Catalytic promiscuity is defined as the ability of an enzyme to catalyse several chemically distinct reactions besides its native activity. This latent promiscuity appears to be more widespread than originally thought and may have played an important role in adaptive evolution by providing possible evolutionary starting points for the emergence of new functions [1-2]. The Alkaline Phosphatase (AP) superfamily provides an ideal framework to explore this hypothesis, as it encompasses a large set of evolutionary related metalloenzymes frequently exhibiting crosswise catalytic promiscuity [3-4]. Based on these observations, our work aims at addressing the following question: which mechanistic and structural features determine specificity or promiscuity among AP superfamily members?

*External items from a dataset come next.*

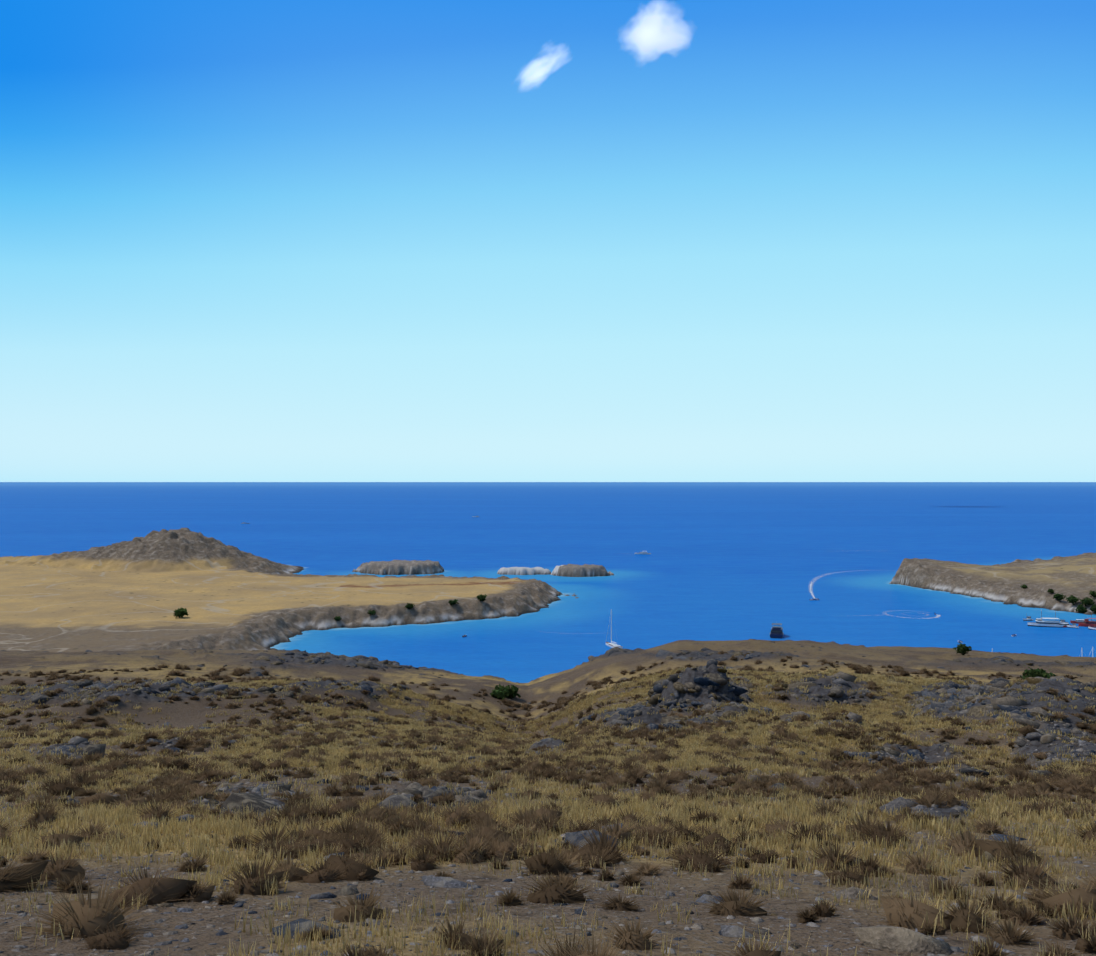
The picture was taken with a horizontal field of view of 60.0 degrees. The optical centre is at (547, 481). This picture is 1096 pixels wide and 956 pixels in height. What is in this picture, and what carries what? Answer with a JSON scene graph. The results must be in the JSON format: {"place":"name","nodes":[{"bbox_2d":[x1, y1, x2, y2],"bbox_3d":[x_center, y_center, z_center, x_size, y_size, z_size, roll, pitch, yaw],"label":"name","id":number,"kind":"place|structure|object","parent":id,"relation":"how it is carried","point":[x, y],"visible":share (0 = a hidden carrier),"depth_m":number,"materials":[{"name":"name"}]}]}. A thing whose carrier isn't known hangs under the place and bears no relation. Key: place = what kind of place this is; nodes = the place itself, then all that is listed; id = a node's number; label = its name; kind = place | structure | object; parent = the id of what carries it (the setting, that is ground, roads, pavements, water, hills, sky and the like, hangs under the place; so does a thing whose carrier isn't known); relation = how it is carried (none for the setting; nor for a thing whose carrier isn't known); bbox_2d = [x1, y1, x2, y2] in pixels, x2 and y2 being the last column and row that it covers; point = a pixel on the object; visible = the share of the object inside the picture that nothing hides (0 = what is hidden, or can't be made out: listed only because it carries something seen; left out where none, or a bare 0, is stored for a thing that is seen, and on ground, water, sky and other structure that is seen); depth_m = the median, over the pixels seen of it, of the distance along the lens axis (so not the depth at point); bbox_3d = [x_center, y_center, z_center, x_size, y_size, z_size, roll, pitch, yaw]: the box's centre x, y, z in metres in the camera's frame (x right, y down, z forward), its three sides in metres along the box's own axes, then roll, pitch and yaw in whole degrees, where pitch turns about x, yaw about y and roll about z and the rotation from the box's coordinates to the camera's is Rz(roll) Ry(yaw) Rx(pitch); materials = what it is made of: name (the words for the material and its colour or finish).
{"place":"outdoors","nodes":[
{"label":"outdoors","id":0,"kind":"place"},
{"bbox_2d":[0,528,1095,955],"bbox_3d":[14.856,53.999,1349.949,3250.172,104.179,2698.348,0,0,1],"label":"ground","id":1,"kind":"structure","parent":0,"point":[104,604],"depth_m":138.21,"materials":[{"name":"brown soil"}]},
{"bbox_2d":[173,607,188,617],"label":"tree","id":2,"kind":"object","parent":1,"relation":"on","point":[179,612],"depth_m":618.52,"materials":[{"name":"green plant"}]},
{"bbox_2d":[367,610,375,614],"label":"bush","id":3,"kind":"object","parent":1,"relation":"on","point":[372,612],"visible":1,"depth_m":661.49,"materials":[{"name":"green plant"}]},
{"bbox_2d":[404,603,414,608],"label":"bush","id":4,"kind":"object","parent":1,"relation":"on","point":[409,606],"visible":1,"depth_m":673.67,"materials":[{"name":"green plant"}]},
{"bbox_2d":[448,599,458,604],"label":"bush","id":5,"kind":"object","parent":1,"relation":"on","point":[452,602],"visible":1,"depth_m":693.23,"materials":[{"name":"green plant"}]},
{"bbox_2d":[477,594,486,600],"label":"bush","id":6,"kind":"object","parent":1,"relation":"on","point":[481,597],"visible":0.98,"depth_m":702.97,"materials":[{"name":"green plant"}]},
{"bbox_2d":[490,688,508,699],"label":"tree","id":7,"kind":"object","parent":1,"relation":"on","point":[501,693],"visible":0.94,"depth_m":154.33,"materials":[{"name":"green plant"}]},
{"bbox_2d":[495,684,520,698],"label":"tree","id":8,"kind":"object","parent":1,"relation":"on","point":[513,691],"visible":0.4,"depth_m":159.39,"materials":[{"name":"green plant"}]},
{"bbox_2d":[0,666,1095,955],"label":"dry grass","id":9,"kind":"structure","parent":1,"relation":"on","point":[574,808],"depth_m":19.41,"materials":[{"name":"beige plant"}]},
{"bbox_2d":[0,717,1095,955],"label":"rocks","id":10,"kind":"object","parent":1,"relation":"on","point":[762,931],"visible":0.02,"depth_m":8.33,"materials":[{"name":"grey stone"}]},
{"bbox_2d":[0,650,1095,955],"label":"shrubs","id":11,"kind":"object","parent":1,"relation":"on","point":[608,854],"depth_m":15.24,"materials":[{"name":"brown plant"}]},
{"bbox_2d":[1,659,1095,955],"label":"rocks","id":12,"kind":"object","parent":1,"relation":"on","point":[897,939],"visible":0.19,"depth_m":37.39,"materials":[{"name":"grey stone"}]},
{"bbox_2d":[3,639,1095,850],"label":"boulders","id":13,"kind":"object","parent":1,"relation":"on","point":[255,800],"visible":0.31,"depth_m":85.56,"materials":[{"name":"grey stone"}]},
{"bbox_2d":[645,666,747,710],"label":"crag rocks","id":14,"kind":"object","parent":1,"relation":"on","point":[712,682],"visible":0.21,"depth_m":75.45,"materials":[{"name":"grey stone"}]},
{"bbox_2d":[953,642,971,654],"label":"tree","id":15,"kind":"object","parent":1,"relation":"on","point":[964,649],"visible":1,"depth_m":194.71,"materials":[{"name":"green plant"}]},
{"bbox_2d":[1020,665,1055,679],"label":"bush","id":16,"kind":"object","parent":1,"relation":"on","point":[1037,672],"visible":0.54,"depth_m":120.41,"materials":[{"name":"green plant"}]},
{"bbox_2d":[1053,593,1064,599],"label":"bush","id":17,"kind":"object","parent":1,"relation":"on","point":[1058,596],"visible":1,"depth_m":743.06,"materials":[{"name":"green plant"}]},
{"bbox_2d":[1066,595,1078,604],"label":"tree","id":18,"kind":"object","parent":1,"relation":"on","point":[1072,599],"visible":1,"depth_m":729.73,"materials":[{"name":"green plant"}]},
{"bbox_2d":[1075,604,1087,613],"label":"tree","id":19,"kind":"object","parent":1,"relation":"on","point":[1081,608],"depth_m":720.69,"materials":[{"name":"green plant"}]},
{"bbox_2d":[1079,597,1094,606],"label":"tree","id":20,"kind":"object","parent":1,"relation":"on","point":[1085,602],"depth_m":722.62,"materials":[{"name":"green plant"}]},
{"bbox_2d":[1089,590,1095,597],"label":"bush","id":21,"kind":"object","parent":1,"relation":"on","point":[1092,593],"depth_m":732.11,"materials":[{"name":"green plant"}]},
{"bbox_2d":[1089,605,1095,613],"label":"bush","id":22,"kind":"object","parent":1,"relation":"on","point":[1092,608],"depth_m":715.99,"materials":[{"name":"green plant"}]},
{"bbox_2d":[0,482,1095,682],"bbox_3d":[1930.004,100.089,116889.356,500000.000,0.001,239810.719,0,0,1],"label":"sea water","id":23,"kind":"structure","parent":0,"point":[723,561],"depth_m":1538.72,"materials":[{"name":"blue liquid"}]},
{"bbox_2d":[606,609,622,647],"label":"sailboat","id":24,"kind":"object","parent":23,"relation":"on","point":[612,645],"visible":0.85,"depth_m":575.87,"materials":[{"name":"white"}]},
{"bbox_2d":[770,623,783,638],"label":"boat","id":25,"kind":"object","parent":23,"relation":"on","point":[776,632],"visible":0.98,"depth_m":611.00,"materials":[{"name":"black"}]},
{"bbox_2d":[808,570,886,598],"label":"boat wake","id":26,"kind":"object","parent":23,"relation":"on","point":[811,590],"depth_m":889.66,"materials":[{"name":"white liquid"}]},
{"bbox_2d":[1023,613,1032,620],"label":"moored boat","id":27,"kind":"object","parent":23,"relation":"on","point":[1027,618],"visible":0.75,"depth_m":684.09,"materials":[{"name":"white"}]},
{"bbox_2d":[1028,615,1062,626],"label":"yacht","id":28,"kind":"object","parent":23,"relation":"on","point":[1040,622],"visible":0.92,"depth_m":654.25,"materials":[{"name":"white"}]},
{"bbox_2d":[1067,623,1078,627],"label":"motorboat","id":29,"kind":"object","parent":23,"relation":"on","point":[1071,626],"visible":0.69,"depth_m":649.99,"materials":[{"name":"white"}]},
{"bbox_2d":[1070,619,1084,623],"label":"moored boat","id":30,"kind":"object","parent":23,"relation":"on","point":[1076,621],"visible":0.65,"depth_m":670.20,"materials":[{"name":"white"}]},
{"bbox_2d":[1078,618,1095,626],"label":"red tour boat","id":31,"kind":"object","parent":23,"relation":"on","point":[1087,623],"visible":0.85,"depth_m":654.85,"materials":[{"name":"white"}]},
{"bbox_2d":[0,0,1095,481],"label":"sky","id":32,"kind":"structure","parent":0,"point":[241,240],"materials":[{"name":"blue"}]}
]}

We performed directed evolution to investigate how P. aeruginosa arylsulfatase (PAS) can be turned into a phosphonate monoester hydrolase (PMH), one of its secondary activities. Three rounds of neutral drift [5], followed by six rounds of selection for improved promiscuous activity resulted in a highly generalist enzyme with a kcat/KM of 103-104 M-1 s-1 for four chemically distinct substrates:  phosphate diesters, phosphate, phosphonate, and sulfate monoesters. Furthermore, the analysis of evolutionary intermediates revealed the clustering of substitutions in loops that are absent in PMH structures. Semi-rationally designed deletion libraries of these regions produced mutants tolerating up to 18 AA deletions and displaying compelling changes in specificity (>103-fold). Detailed kinetics, LFER, mutational and structural analysis of evolutionary intermediates shed new light on the fine molecular changes accompanying the respecialization of a promiscuous scaffold. Taken together, our results provide new insights into the respective contribution of binding and catalysis, as well as multi-functional trade-offs in the evolution of new functions. It also emphasizes the role of deletions in opening alternative evolutionary trajectories.